ALL FOOT-DRAGGING INSIDERS, PLEASE STEP FORWARD. In the video accompanying the announcement of her candidacy for governor earlier this week, Boston state senator Sonia Chang-Diaz cited her legislative accomplishments in helping to fund public education and reform the criminal justice system. She asserted, "Those wins didn't come easy. Beacon Hill insiders dragged their feet every step of the way, saying 'Think smaller.' Instead, we fought unapologetically for the things working families actually need. They said our ideas were impossible, we made them into law. The trouble is: that kind of urgency in our state government is still the exception rather than the rule. Too many leaders are more interested in keeping power than in doing something with it." Chang-Diaz is the Senate chairperson of the Joint Committee on Cannabis Policy and the Joint Committee on Racial Equity, Civil Rights and Inclusion. She is the Senate vice chairperson of the Joint Committee on Public Safety and Homeland Security, and a member of the Senate committees on Redistricting and on Reimagining Massachusetts Post-Pandemic Resiliency. Also, she's a member of the Joint Committee on Economic Development and Emerging Technologies, the Joint Committee on the Judiciary, and the Special Joint Committee on Redistricting. Chang-Diaz has been in the thick of "Beacon Hill insiders" since joining the Senate in January, 2009. Maybe that's why she avoided naming any of them in her announcement? She missed a good opportunity to liven up her announcement by doing so.

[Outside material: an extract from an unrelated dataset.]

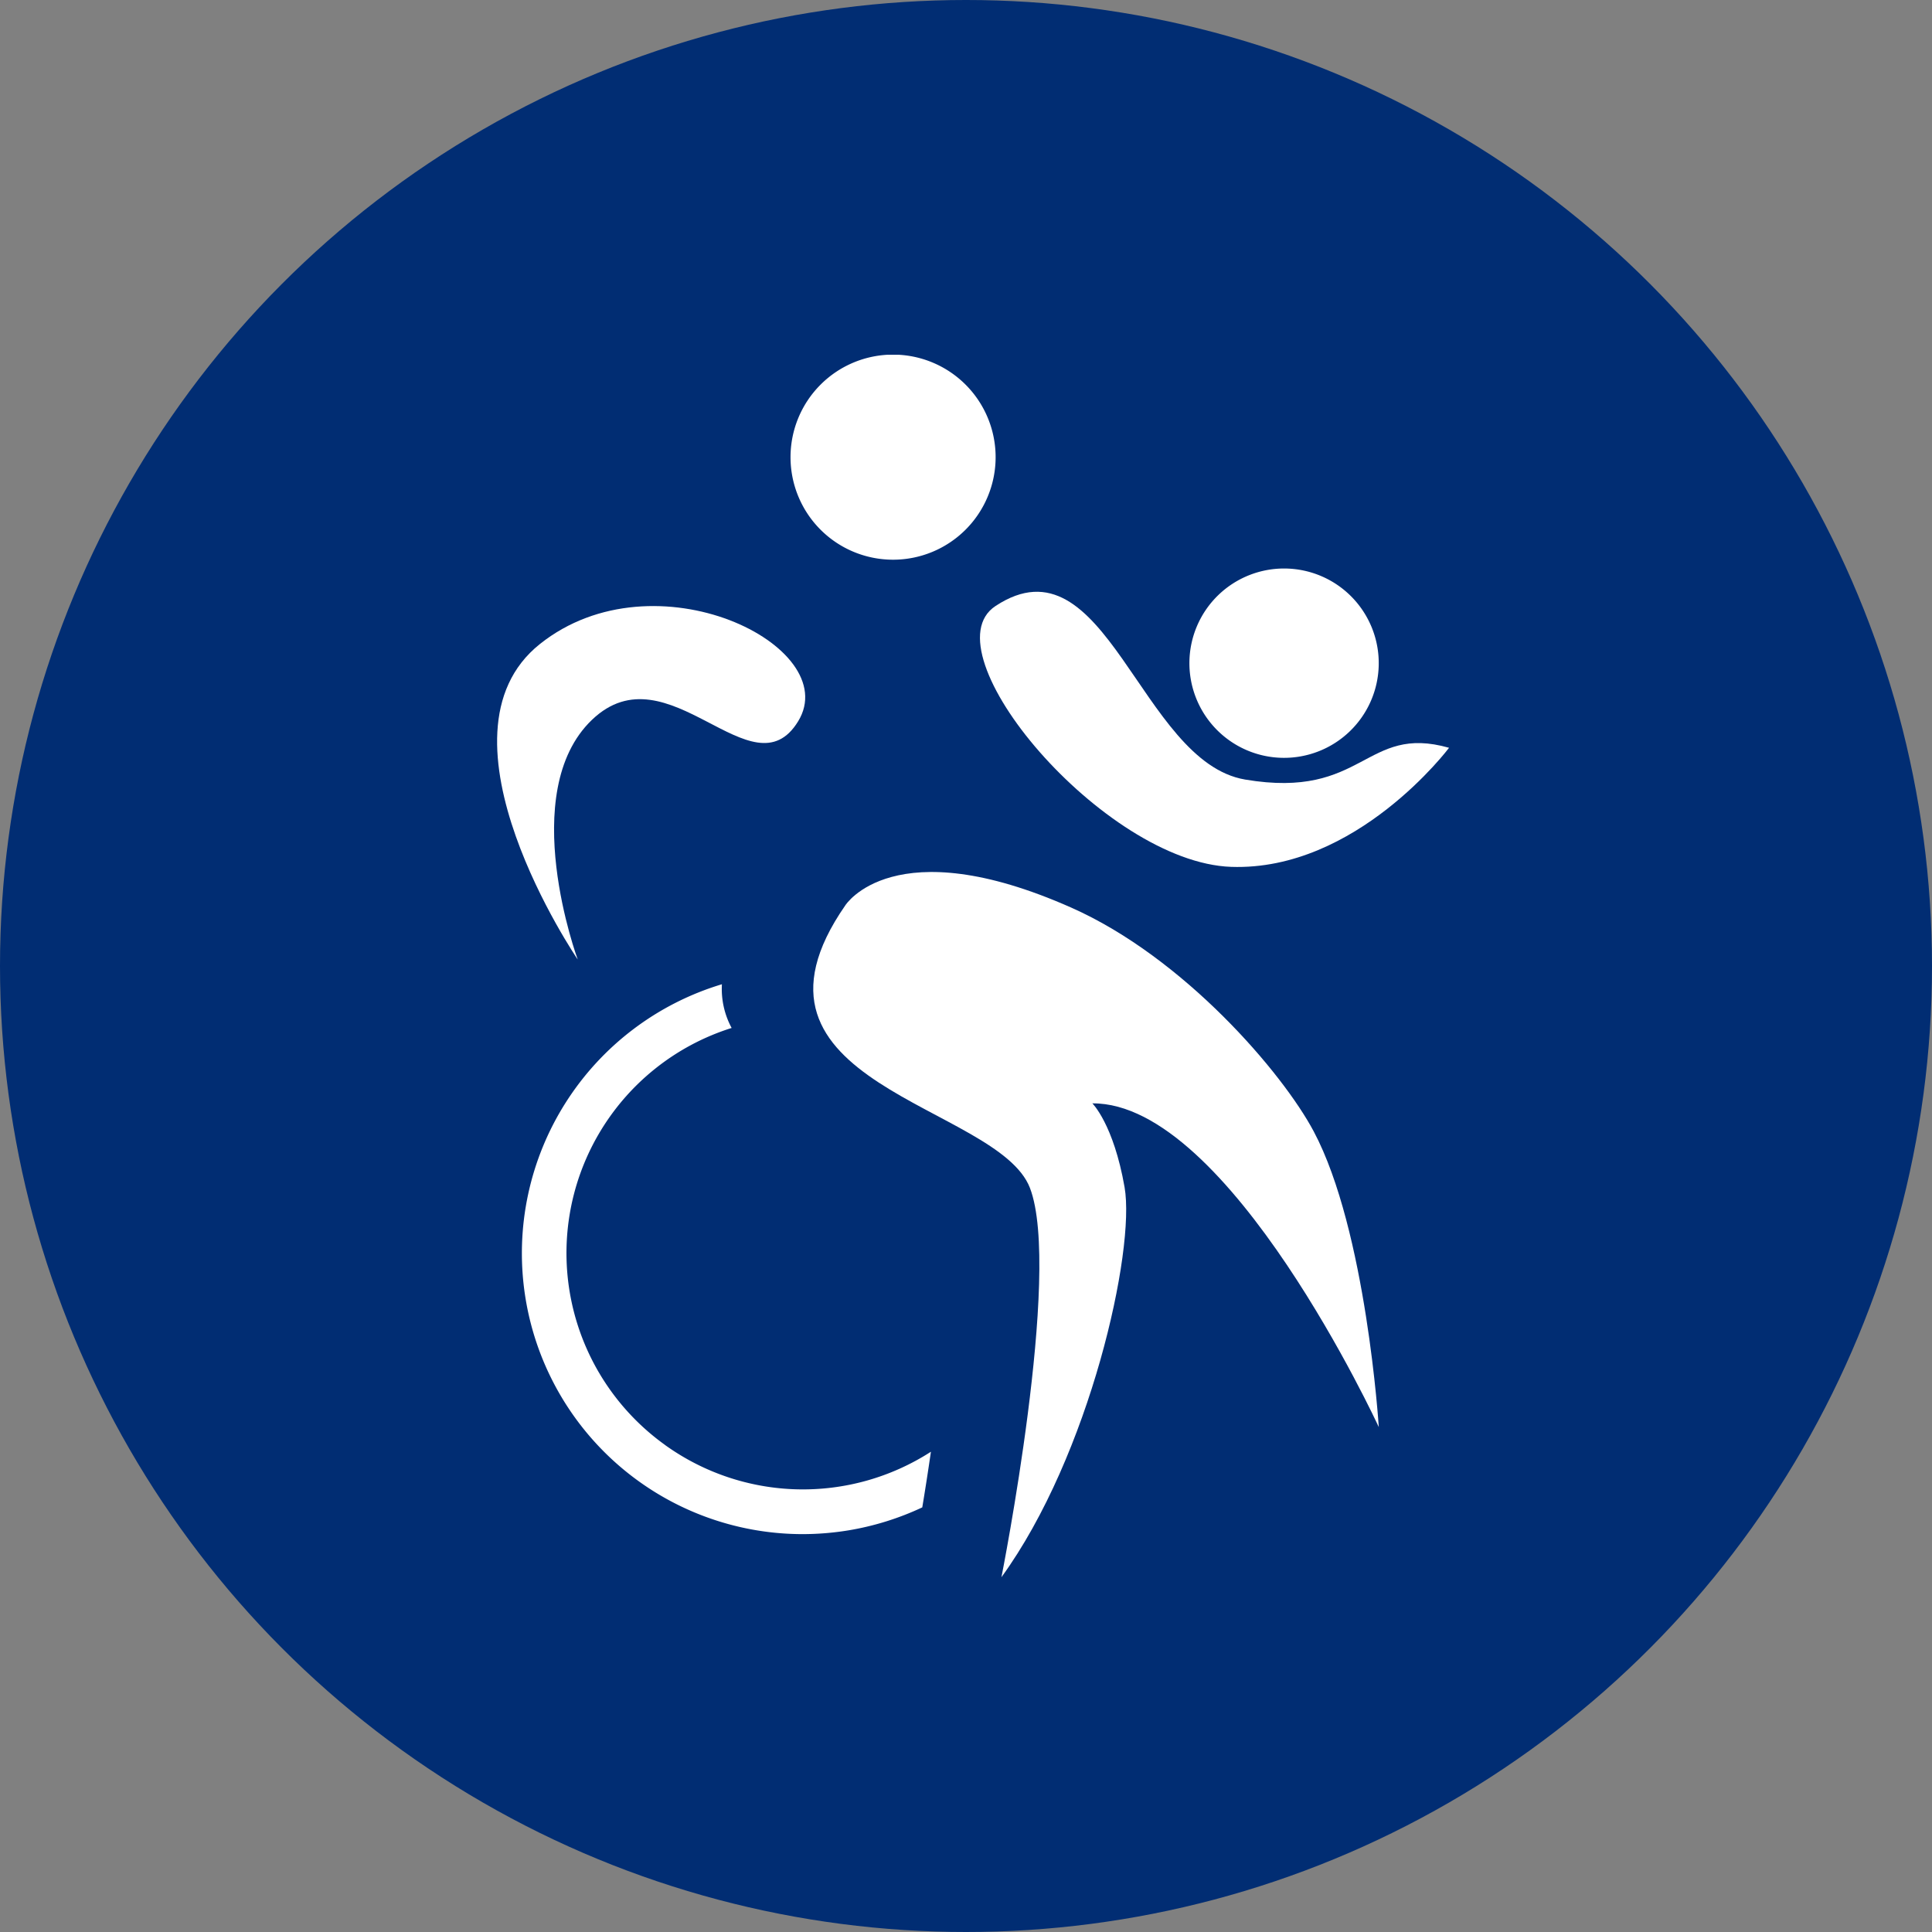 <?xml version="1.0" encoding="UTF-8"?> <svg xmlns="http://www.w3.org/2000/svg" xmlns:xlink="http://www.w3.org/1999/xlink" width="130" height="130" viewBox="0 0 130 130"><rect x="0" y="0" width="130" height="130" fill="#808080" stroke="none"/><defs><clipPath id="a"><rect width="64.054" height="82.258" fill="#fff"></rect></clipPath></defs><g transform="translate(-371 -218)"><circle cx="65" cy="65" r="65" transform="translate(371 218)" fill="#012d73"></circle><g transform="translate(404.45 241.871)"><g clip-path="url(#a)"><path d="M6.388,36.646c5.124-4.894,10.785,5.158,13.87.1s-9.633-11.359-17.373-5.2,2.54,21.236,2.54,21.236S1.264,41.54,6.388,36.646" transform="translate(0 -12.087)" fill="#fff"></path><path d="M40.763,13.79a6.9,6.9,0,1,0-6.9-6.9,6.895,6.895,0,0,0,6.9,6.9" transform="translate(-14.12 0)" fill="#fff"></path><path d="M53.841,62.086c-11.945-5.3-15.2-.156-15.2-.156-8.4,12.093,10.254,13.378,12.421,19.021s-1.919,26.192-1.919,26.192c5.949-8.183,9.026-22,8.286-26.242s-2.167-5.643-2.167-5.643c9.2-.072,19.272,21.783,19.272,21.783S73.7,83.817,70.159,77.15c-2.1-3.952-8.731-11.7-16.318-15.064" transform="translate(-15.209 -24.886)" fill="#fff"></path><path d="M12.49,103.641a15.881,15.881,0,0,1,4.483-28.057,5.536,5.536,0,0,1-.654-2.941,18.9,18.9,0,0,0,5.412,37,19.216,19.216,0,0,0,3.094-.252,19.015,19.015,0,0,0,4.976-1.548c.187-1.125.385-2.393.582-3.744a15.9,15.9,0,0,1-17.892-.454" transform="translate(-1.193 -30.286)" fill="#fff"></path><path d="M73.559,39.986c-7.069-1.2-9.366-16.566-16.791-11.678-4.675,3.078,7.3,17.257,15.854,17.553,8.436.293,14.662-8.012,14.662-8.012-5.676-1.609-5.682,3.5-13.725,2.137" transform="translate(-23.23 -11.403)" fill="#fff"></path><path d="M88.58,36.966a6.37,6.37,0,1,0-8.254-3.609,6.369,6.369,0,0,0,8.254,3.609" transform="translate(-33.305 -10.282)" fill="#fff"></path></g></g></g></svg>

BUT WHAT'S MAURA GOING TO DO? Senator Chang-Diaz is the third Democrat so far to enter the race for the Democratic nomination for governor in 2022. The others were Ben Downing, a former long-time state senator from Pittsfield who now resides in East Boston, and Danielle Allen, who once won a MacArthur Foundation "genius grant" and now teaches political science and ethics at Harvard University. The expectation is widespread that two-term Attorney General Maura Healey will also run. Until Healey makes a decision one way or another, Downing, Allen & Chang-Diaz will have to work extra hard to draw attention to their candidacies. Though officially off-stage for now, Healey is the proverbial 900-pound gorilla in the Dem governor primary.
THE HOUSE OF ULTIMATE CAUTION. Governor Charlie Baker had one of his typically salient observations this past Wednesday when he was asked during a press conference about re-opening the Massachusetts State House to the public. It is one of the last major public buildings -- one could argue the only major building -- where the public is still barred due to the pandemic. As reported by the State House News Service, Baker said, "I think the biggest challenge we have with reopening the State House is it's very hard to have rules in this building around how many people congregate, how they gather, whether they're vaccinated, whether they're not. It's really like a public space; it's like being outside in Boston Common, except it's not outside. We talked to the Legislature about this and I'm hoping at some point we'll be able to put some policies together that will satisfy the concern about indoor versus outdoor and at the same time keep people safe." I'm not a policy guy, but if anybody asked for my two cents on this, I'd say open the building fully to the public on July 1 but require everyone to wear a mask everywhere inside it, and continue to hold hearings on pending bills remotely because even the best State House hearing rooms are too small and social distancing is impossible within them.
WHEN HASHING OUT THE ISSUES, REMOTE DON'T CUT IT. Interviewed this past Thursday on WGBH public radio, Charlie Baker was borderline poetic on the importance of spending time in person with legislative leaders, which he hasn't been able to do for a long time because of the pandemic. As reported by the State House News Service, Baker said, "...I know this sounds kind of corny, but the fact that I haven't actually seen Karen Spilka (Senate President) or Ron Mariano (House Speaker) in person, except maybe at one event for a couple of minutes, and that we don't actually sit down and eat stale cookies and drink bad coffee once a week, I think it's a problem. Human beings see each other as people when they spend time with each other in person."
STRONG WORDS FROM EX-REPUBLICAN. Stuart Stevens, a Middlebury College (VT) grad, author of highly regarded travel books, and a Republican veteran national political strategist, was former Massachusetts Governor Mitt Romney's top campaign guru when he ran for President in 2012. That's enough of a local political hook for me to highlight this quote by Stevens, excerpted from an April 21, 2021, article in The New York Times by Thomas Edsall, ("Why Trump Is Still Their Guy"): "We are in uncharted waters. For the first time since 1860, a major American political party doesn't believe America is a democracy. No Republican will win a contested primary in 2022 or 2024 who will assert that Biden is a legal president. The effect of this is profound and difficult to predict. But millions of Americans believe the American experience is ending." Stevens was a lifelong Republican until last year, when he changed his registration to Independent.